── Material shown ──

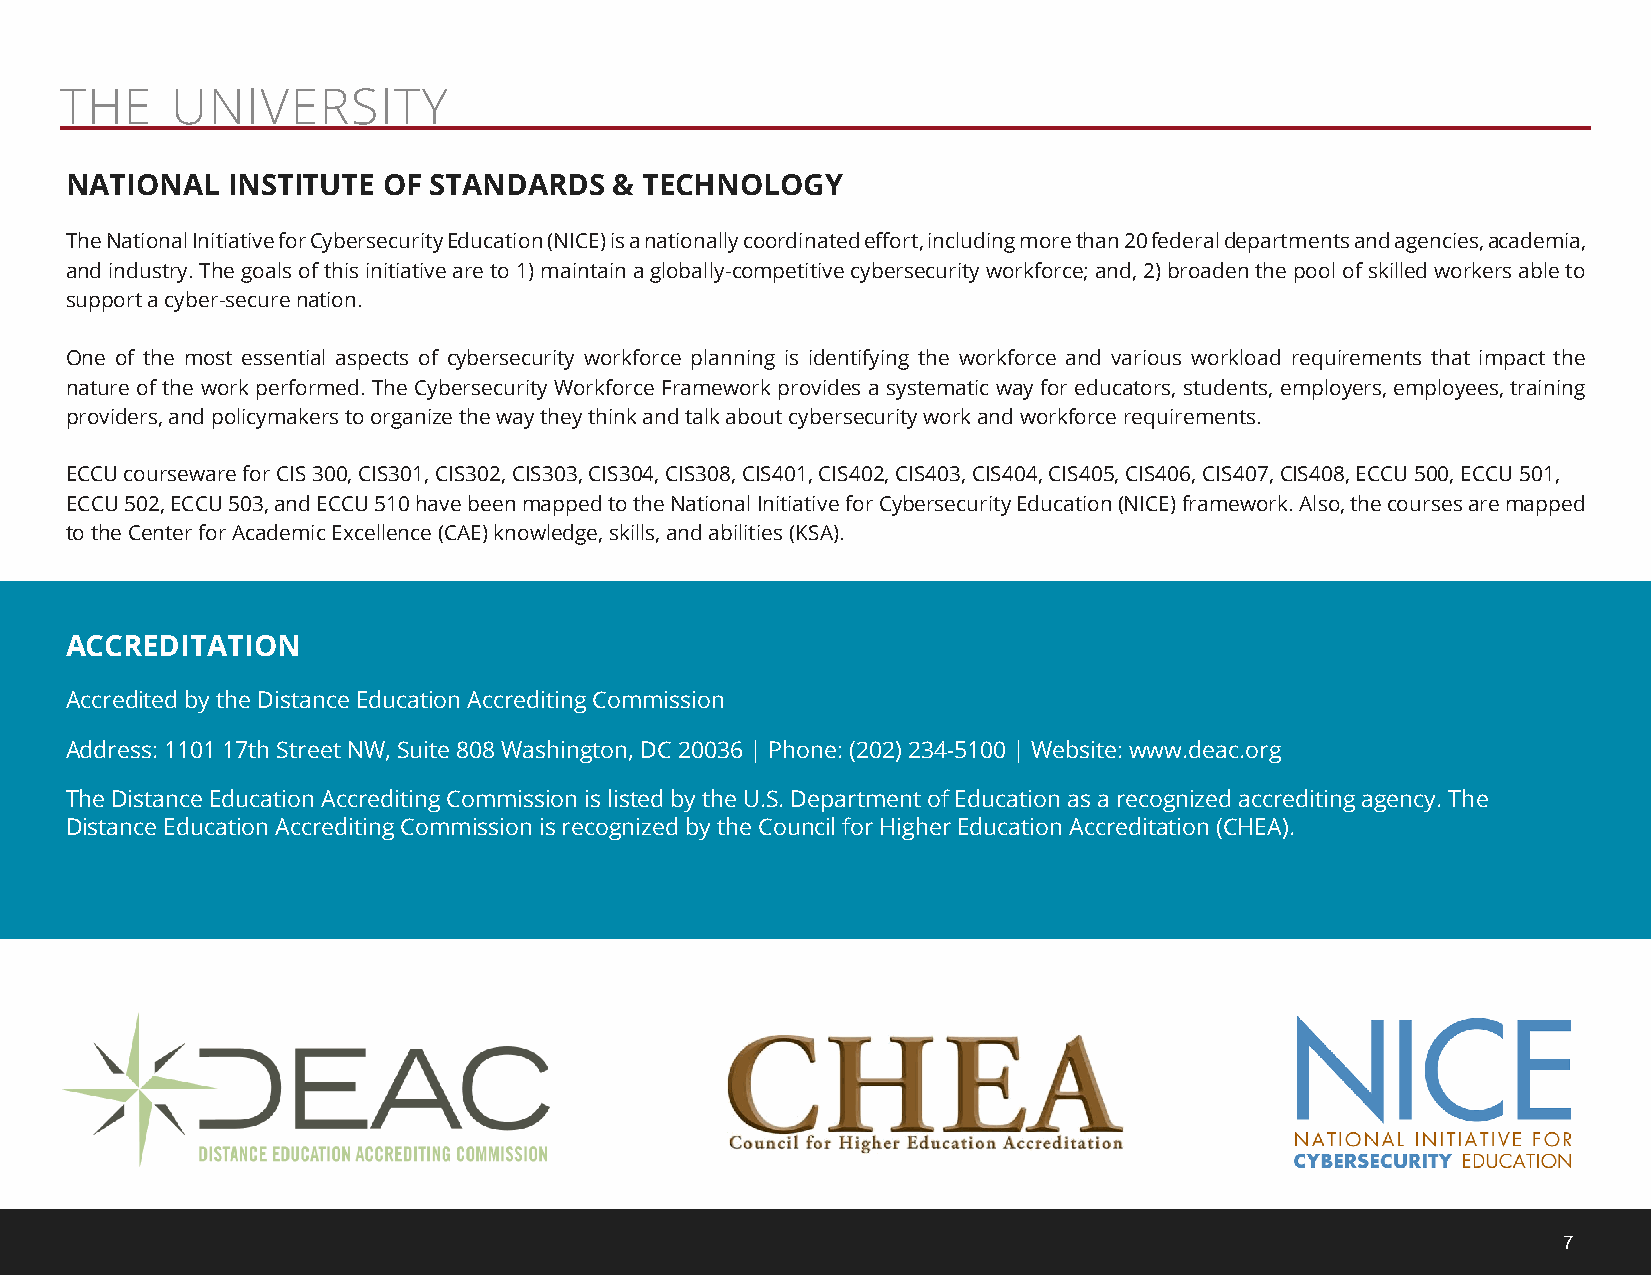
THE    UNIVERSITY
 NATIONAL   INSTITUTE OF STANDARDS    & TECHNOLOGY
 The National Initiative for Cybersecurity Education (NICE) is a nationally coordinated effort, including more than 20 federal departments and agencies, academia,
 and industry. The goals of this initiative are to 1) maintain a globally-competitive cybersecurity workforce; and, 2) broaden the pool of skilled workers able to
 support a cyber-secure nation.
 One of the most essential aspects of cybersecurity workforce planning is identifying the workforce and various workload requirements that impact the
 nature of the work performed. The Cybersecurity Workforce Framework provides a systematic way for educators, students, employers, employees, training
 providers, and policymakers to organize the way they think and talk about cybersecurity work and workforce requirements.
 ECCU courseware for CIS 300, CIS301, CIS302, CIS303, CIS304, CIS308, CIS401, CIS402, CIS403, CIS404, CIS405, CIS406, CIS407, CIS408, ECCU 500, ECCU 501,
 ECCU 502, ECCU 503, and ECCU 510 have been mapped to the National Initiative for Cybersecurity Education (NICE) framework. Also, the courses are mapped
 to the Center for Academic Excellence (CAE) knowledge, skills, and abilities (KSA).
 ACCREDITATION
 Accredited by the Distance Education Accrediting Commission
 Address: 1101 17th Street NW, Suite 808 Washington, DC 20036 | Phone: (202) 234-5100 | Website: www.deac.org
 The Distance Education Accrediting Commission is listed by the U.S. Department of Education as a recognized accrediting agency. The
 Distance Education Accrediting Commission is recognized by the Council for Higher Education Accreditation (CHEA).
 7
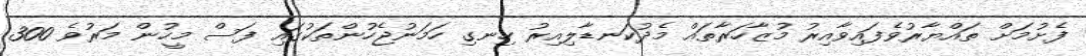
ފެށުމަށް ތައްޔާރުވެފައިވާއިރު މުޒާހަރާތައް މެދުކަނޑާލިއިރު ހިނގި ހަމަނުޖެހުންތަކުގައި ފަސް މީހުން މަރުވެ 300
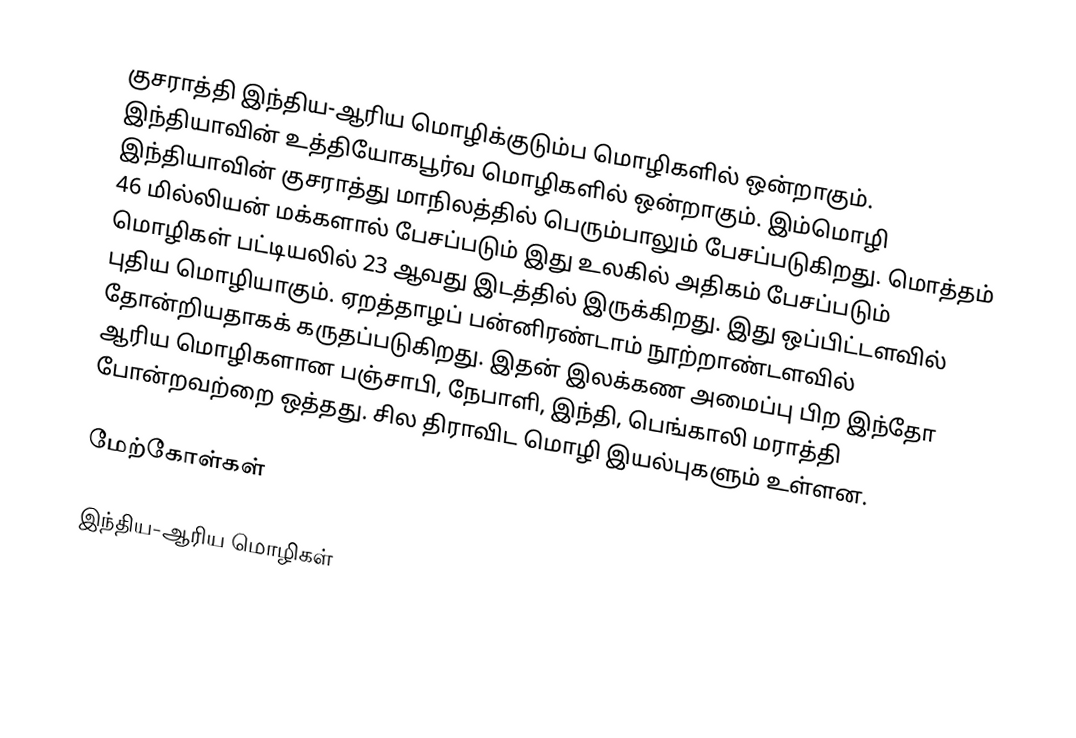
குசராத்தி இந்திய-ஆரிய மொழிக்குடும்ப மொழிகளில் ஒன்றாகும். இந்தியாவின் உத்தியோகபூர்வ மொழிகளில் ஒன்றாகும். இம்மொழி இந்தியாவின் குசராத்து மாநிலத்தில் பெரும்பாலும் பேசப்படுகிறது. மொத்தம் 46 மில்லியன் மக்களால் பேசப்படும் இது உலகில் அதிகம் பேசப்படும் மொழிகள் பட்டியலில் 23 ஆவது இடத்தில் இருக்கிறது. இது ஒப்பிட்டளவில் புதிய மொழியாகும். ஏறத்தாழப் பன்னிரண்டாம் நூற்றாண்டளவில் தோன்றியதாகக் கருதப்படுகிறது. இதன் இலக்கண அமைப்பு பிற இந்தோ ஆரிய மொழிகளான பஞ்சாபி, நேபாளி, இந்தி, பெங்காலி மராத்தி போன்றவற்றை ஒத்தது. சில திராவிட மொழி இயல்புகளும் உள்ளன.

மேற்கோள்கள்

இந்திய-ஆரிய மொழிகள்
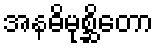
အနဓိမုစ္ဆိတော
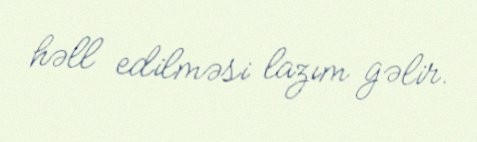
həll edilməsi lazım gəlir.
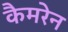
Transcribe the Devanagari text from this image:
कैमरेन
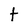
Character: t
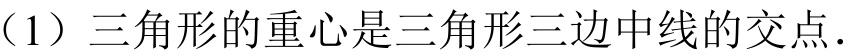
（1）三角形的重心是三角形三边中线的交点.
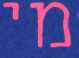
מי
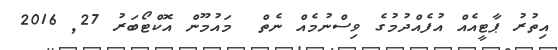
އިތުރު ޕާޓީއެއް އުފެއްދުމުގެ ވިސްނުމެއް ނެތް  މައުމޫން އޮކްޓޯބަރު 27
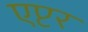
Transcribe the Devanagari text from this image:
एप्टर

───

=== What to work on ===
All of the records must come back exactly as they stand, minus every picture.

=== Your solution ===
THE    UNIVERSITY
 NATIONAL   INSTITUTE OF STANDARDS    & TECHNOLOGY
 The National Initiative for Cybersecurity Education (NICE) is a nationally coordinated effort, including more than 20 federal departments and agencies, academia,
 and industry. The goals of this initiative are to 1) maintain a globally-competitive cybersecurity workforce; and, 2) broaden the pool of skilled workers able to
 support a cyber-secure nation.
 One of the most essential aspects of cybersecurity workforce planning is identifying the workforce and various workload requirements that impact the
 nature of the work performed. The Cybersecurity Workforce Framework provides a systematic way for educators, students, employers, employees, training
 providers, and policymakers to organize the way they think and talk about cybersecurity work and workforce requirements.
 ECCU courseware for CIS 300, CIS301, CIS302, CIS303, CIS304, CIS308, CIS401, CIS402, CIS403, CIS404, CIS405, CIS406, CIS407, CIS408, ECCU 500, ECCU 501,
 ECCU 502, ECCU 503, and ECCU 510 have been mapped to the National Initiative for Cybersecurity Education (NICE) framework. Also, the courses are mapped
 to the Center for Academic Excellence (CAE) knowledge, skills, and abilities (KSA).
 ACCREDITATION
 Accredited by the Distance Education Accrediting Commission
 Address: 1101 17th Street NW, Suite 808 Washington, DC 20036 | Phone: (202) 234-5100 | Website: www.deac.org
 The Distance Education Accrediting Commission is listed by the U.S. Department of Education as a recognized accrediting agency. The
 Distance Education Accrediting Commission is recognized by the Council for Higher Education Accreditation (CHEA).
 7
ފެށުމަށް ތައްޔާރުވެފައިވާއިރު މުޒާހަރާތައް މެދުކަނޑާލިއިރު ހިނގި ހަމަނުޖެހުންތަކުގައި ފަސް މީހުން މަރުވެ 300
குசராத்தி இந்திய-ஆரிய மொழிக்குடும்ப மொழிகளில் ஒன்றாகும். இந்தியாவின் உத்தியோகபூர்வ மொழிகளில் ஒன்றாகும். இம்மொழி இந்தியாவின் குசராத்து மாநிலத்தில் பெரும்பாலும் பேசப்படுகிறது. மொத்தம் 46 மில்லியன் மக்களால் பேசப்படும் இது உலகில் அதிகம் பேசப்படும் மொழிகள் பட்டியலில் 23 ஆவது இடத்தில் இருக்கிறது. இது ஒப்பிட்டளவில் புதிய மொழியாகும். ஏறத்தாழப் பன்னிரண்டாம் நூற்றாண்டளவில் தோன்றியதாகக் கருதப்படுகிறது. இதன் இலக்கண அமைப்பு பிற இந்தோ ஆரிய மொழிகளான பஞ்சாபி, நேபாளி, இந்தி, பெங்காலி மராத்தி போன்றவற்றை ஒத்தது. சில திராவிட மொழி இயல்புகளும் உள்ளன.

மேற்கோள்கள்

இந்திய-ஆரிய மொழிகள்
အနဓိမုစ္ဆိတော
həll edilməsi lazım gəlir.
Transcribe the Devanagari text from this image:
कैमरेन
Character: t
（1）三角形的重心是三角形三边中线的交点.
מי
އިތުރު ޕާޓީއެއް އުފެއްދުމުގެ ވިސްނުމެއް ނެތް  މައުމޫން އޮކްޓޯބަރު 27
Transcribe the Devanagari text from this image:
एप्टर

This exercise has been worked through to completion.